Asian elephants have a sweet tooth for palms and bamboo. Photo Credit: Pixabay

Fully grown Asian elephants eat around 150kg of food every single day. Gourmands they are, yes. Yet by consuming so much vegetation they do more than just feed themselves; they also help keep complex ecosystems functioning well. For instance, by devouring larger plants they make way for smaller plants to grow. They also carry seeds far and wide in their dung, thereby assisting plants to spread across larger areas.

“Elephants also weed the forest, acting as ecological filters; they make certain plants scarce by selectively feeding on them, and others abundant just by not eating them,” explains Ahimsa Campos-Arceiz, the principal investigator for the Management and Ecology of Malaysian Elephants (MEME), a research project between Perhilitan and the University of Nottingham Malaysia Campus.

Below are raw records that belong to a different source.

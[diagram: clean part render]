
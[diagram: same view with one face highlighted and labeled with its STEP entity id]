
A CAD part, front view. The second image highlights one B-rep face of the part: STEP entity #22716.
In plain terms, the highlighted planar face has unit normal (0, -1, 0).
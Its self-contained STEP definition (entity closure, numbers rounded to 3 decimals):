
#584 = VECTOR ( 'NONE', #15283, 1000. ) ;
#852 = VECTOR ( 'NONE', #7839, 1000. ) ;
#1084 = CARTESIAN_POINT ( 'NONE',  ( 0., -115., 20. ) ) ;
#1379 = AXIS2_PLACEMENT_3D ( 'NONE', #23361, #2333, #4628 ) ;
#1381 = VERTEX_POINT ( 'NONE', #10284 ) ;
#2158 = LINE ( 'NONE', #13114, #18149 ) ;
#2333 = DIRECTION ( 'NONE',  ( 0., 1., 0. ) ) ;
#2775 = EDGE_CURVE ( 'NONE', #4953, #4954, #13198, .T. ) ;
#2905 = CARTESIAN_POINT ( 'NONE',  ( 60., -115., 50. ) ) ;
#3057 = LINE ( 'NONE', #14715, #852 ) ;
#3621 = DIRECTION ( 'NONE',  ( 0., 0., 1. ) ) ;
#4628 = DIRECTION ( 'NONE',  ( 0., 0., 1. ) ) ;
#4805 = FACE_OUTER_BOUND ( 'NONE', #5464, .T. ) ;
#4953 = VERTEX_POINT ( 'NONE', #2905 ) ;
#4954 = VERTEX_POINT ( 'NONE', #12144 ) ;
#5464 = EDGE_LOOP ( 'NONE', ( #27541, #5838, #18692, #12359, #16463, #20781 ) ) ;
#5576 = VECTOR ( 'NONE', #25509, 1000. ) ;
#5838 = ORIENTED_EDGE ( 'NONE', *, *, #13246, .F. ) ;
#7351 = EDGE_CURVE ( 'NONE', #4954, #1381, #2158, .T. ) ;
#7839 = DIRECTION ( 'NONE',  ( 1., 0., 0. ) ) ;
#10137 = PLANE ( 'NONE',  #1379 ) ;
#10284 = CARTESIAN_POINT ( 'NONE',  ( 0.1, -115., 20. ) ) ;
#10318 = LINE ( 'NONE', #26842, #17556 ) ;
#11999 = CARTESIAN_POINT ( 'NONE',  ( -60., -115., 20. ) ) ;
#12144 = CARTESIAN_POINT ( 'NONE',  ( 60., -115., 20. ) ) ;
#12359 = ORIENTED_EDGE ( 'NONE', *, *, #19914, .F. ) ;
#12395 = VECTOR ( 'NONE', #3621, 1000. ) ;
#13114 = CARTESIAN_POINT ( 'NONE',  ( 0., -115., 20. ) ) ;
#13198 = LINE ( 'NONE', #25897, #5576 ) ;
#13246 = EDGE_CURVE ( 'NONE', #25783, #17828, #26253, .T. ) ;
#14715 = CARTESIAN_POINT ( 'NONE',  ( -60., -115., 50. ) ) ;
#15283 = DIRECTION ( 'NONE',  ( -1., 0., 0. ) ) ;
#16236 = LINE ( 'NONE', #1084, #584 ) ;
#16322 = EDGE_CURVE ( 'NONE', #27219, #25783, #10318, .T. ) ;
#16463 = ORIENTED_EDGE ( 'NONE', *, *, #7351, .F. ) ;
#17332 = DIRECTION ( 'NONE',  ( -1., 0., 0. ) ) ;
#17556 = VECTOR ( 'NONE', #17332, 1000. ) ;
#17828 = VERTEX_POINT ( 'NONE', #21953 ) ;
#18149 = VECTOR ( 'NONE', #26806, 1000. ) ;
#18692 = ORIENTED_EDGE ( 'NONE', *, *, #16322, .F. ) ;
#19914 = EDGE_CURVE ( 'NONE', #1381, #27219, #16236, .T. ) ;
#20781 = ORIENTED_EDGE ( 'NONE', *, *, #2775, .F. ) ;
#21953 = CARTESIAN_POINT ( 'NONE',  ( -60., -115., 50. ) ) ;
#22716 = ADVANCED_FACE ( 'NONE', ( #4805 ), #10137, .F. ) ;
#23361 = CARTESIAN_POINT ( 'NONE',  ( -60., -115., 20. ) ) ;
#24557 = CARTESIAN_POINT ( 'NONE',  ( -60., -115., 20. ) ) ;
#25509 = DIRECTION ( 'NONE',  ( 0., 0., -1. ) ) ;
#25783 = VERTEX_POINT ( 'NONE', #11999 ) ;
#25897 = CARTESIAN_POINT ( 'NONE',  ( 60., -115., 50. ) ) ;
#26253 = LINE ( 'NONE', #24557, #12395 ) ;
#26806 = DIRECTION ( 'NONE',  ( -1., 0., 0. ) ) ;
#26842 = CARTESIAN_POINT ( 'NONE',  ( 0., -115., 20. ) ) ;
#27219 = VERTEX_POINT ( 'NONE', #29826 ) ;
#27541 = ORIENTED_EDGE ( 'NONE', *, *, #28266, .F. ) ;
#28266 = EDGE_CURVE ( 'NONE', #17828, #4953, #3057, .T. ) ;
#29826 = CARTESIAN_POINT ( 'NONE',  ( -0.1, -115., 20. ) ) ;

The expert calls elephants the “gardeners of forests.”

Asian elephants are highly social animals that need plenty of freedom to roam and forage for food. Photo Credit: Perth Zoo

Yet even if Asian elephants eat a lot, it doesn’t mean they will eat anything. It turns out that the jumbos are pretty fussy eaters. A team of researchers from the University of Nottingham Malaysia Campus and the University of Florida have set out to investigate the dietary habits and preferences of Asian elephants in the country and have found that the lumbering pachyderms have a marked preference for palm trees, grasses and bamboo within dense forests with closed canopies in the Royal Belum State Park and the Krau Wildlife Reserve in Pahang.

The researchers, who published their findings, “Foraging Impacts of Asian Magafauna on Tropical Rainforest Structure and Biodiversity,” in the  journal Biotropica, discovered that Asian elephants, unlike their African counterparts, prefer to chow down monocot plants, such as palms, bamboo and grasses. This is an important finding because the animals’ dietary preferences expose them to greater risks of coming in contact with humans. That is because they may be more likely to try and raid oil palm plantations and bamboo groves, hereby drawing the ire of farmers and plantation owners. Just recently one of their cousins, a wild pygmy elephant, was shot dead in Sabah, likely by an angry farmer.

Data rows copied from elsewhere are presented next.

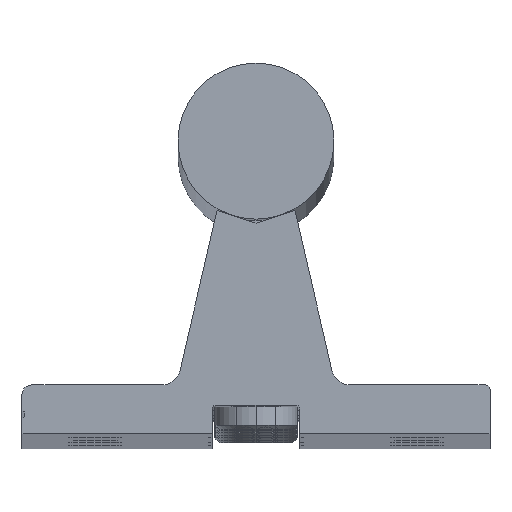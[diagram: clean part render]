
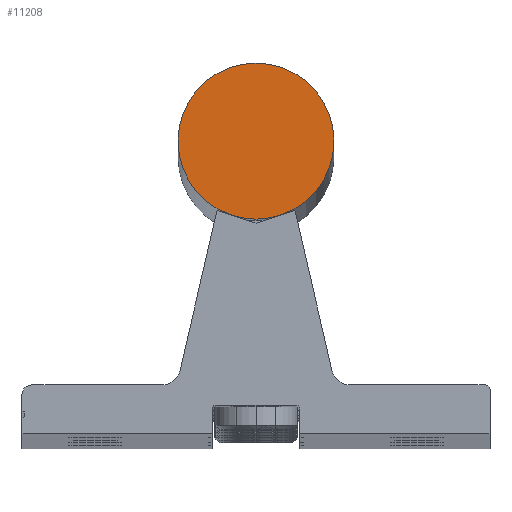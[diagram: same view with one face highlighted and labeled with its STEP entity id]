
A CAD part, top view. The second image highlights one B-rep face of the part: STEP entity #11208.
In plain terms, the highlighted planar face has unit normal (0, 0, 1).
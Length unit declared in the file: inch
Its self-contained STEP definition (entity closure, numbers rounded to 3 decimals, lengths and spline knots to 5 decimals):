
#1347 = ORIENTED_EDGE ( 'NONE', *, *, #9251, .T. ) ;
#1409 = CARTESIAN_POINT ( 'NONE',  ( 0., 1.1811, 0. ) ) ;
#1858 = FACE_OUTER_BOUND ( 'NONE', #4807, .T. ) ;
#2497 = DIRECTION ( 'NONE',  ( 1., 0., 0. ) ) ;
#2724 = CIRCLE ( 'NONE', #11128, 0.31496 ) ;
#3930 = DIRECTION ( 'NONE',  ( 0., 0., 1. ) ) ;
#3985 = DIRECTION ( 'NONE',  ( 0., 0., 1. ) ) ;
#4632 = ORIENTED_EDGE ( 'NONE', *, *, #8497, .T. ) ;
#4807 = EDGE_LOOP ( 'NONE', ( #4632, #1347 ) ) ;
#5610 = VERTEX_POINT ( 'NONE', #12232 ) ;
#5966 = CARTESIAN_POINT ( 'NONE',  ( 0., 1.1811, 0. ) ) ;
#7082 = CIRCLE ( 'NONE', #11170, 0.31496 ) ;
#7642 = CARTESIAN_POINT ( 'NONE',  ( 0., 1.1811, 0. ) ) ;
#7728 = PLANE ( 'NONE',  #13479 ) ;
#8497 = EDGE_CURVE ( 'NONE', #14330, #5610, #2724, .T. ) ;
#9251 = EDGE_CURVE ( 'NONE', #5610, #14330, #7082, .T. ) ;
#9894 = DIRECTION ( 'NONE',  ( 1., 0., 0. ) ) ;
#9999 = CARTESIAN_POINT ( 'NONE',  ( 0.31496, 1.1811, 0. ) ) ;
#11128 = AXIS2_PLACEMENT_3D ( 'NONE', #7642, #3985, #9894 ) ;
#11170 = AXIS2_PLACEMENT_3D ( 'NONE', #1409, #3930, #2497 ) ;
#11208 = ADVANCED_FACE ( 'NONE', ( #1858 ), #7728, .T. ) ;
#12232 = CARTESIAN_POINT ( 'NONE',  ( -0.31496, 1.1811, 0. ) ) ;
#12989 = DIRECTION ( 'NONE',  ( 1., 0., 0. ) ) ;
#13479 = AXIS2_PLACEMENT_3D ( 'NONE', #5966, #14247, #12989 ) ;
#14247 = DIRECTION ( 'NONE',  ( 0., 0., 1. ) ) ;
#14330 = VERTEX_POINT ( 'NONE', #9999 ) ;

“Asian elephants seem to be more interested in monocot plants, especially palms,” Dr Campos-Arceiz explained. “These results have very interesting and important implications in terms of elephant ecological impact. Maybe this is the reason why Asian elephants do not seem to modify forest the way African elephants do. And human-elephant conflict is greater in Malaysia because we are planting palms which are the very food elephants love to eat.”

Sadly, the number of wild Asian elephants in Peninsular Malaysia has dropped over the past decades. Today there are somewhere between 1,220 and and 1,450, living in small herds spread across the states of Pahang, Terengganu, Kelantan, Kedah, Perak and Johor. The largest concentrations of the pachyderms live in a national park in Pahang. “To ensure that these elephant species survive, the cooperation of all parties is very much needed to play their respective roles,” Natural Resources and Environment Minister Wan Junaidi Tuanku Jaafar recently noted. “This earth is ours together. We should live in harmony with the flora and fauna that need each other for our survival in the future.”

Amen to that.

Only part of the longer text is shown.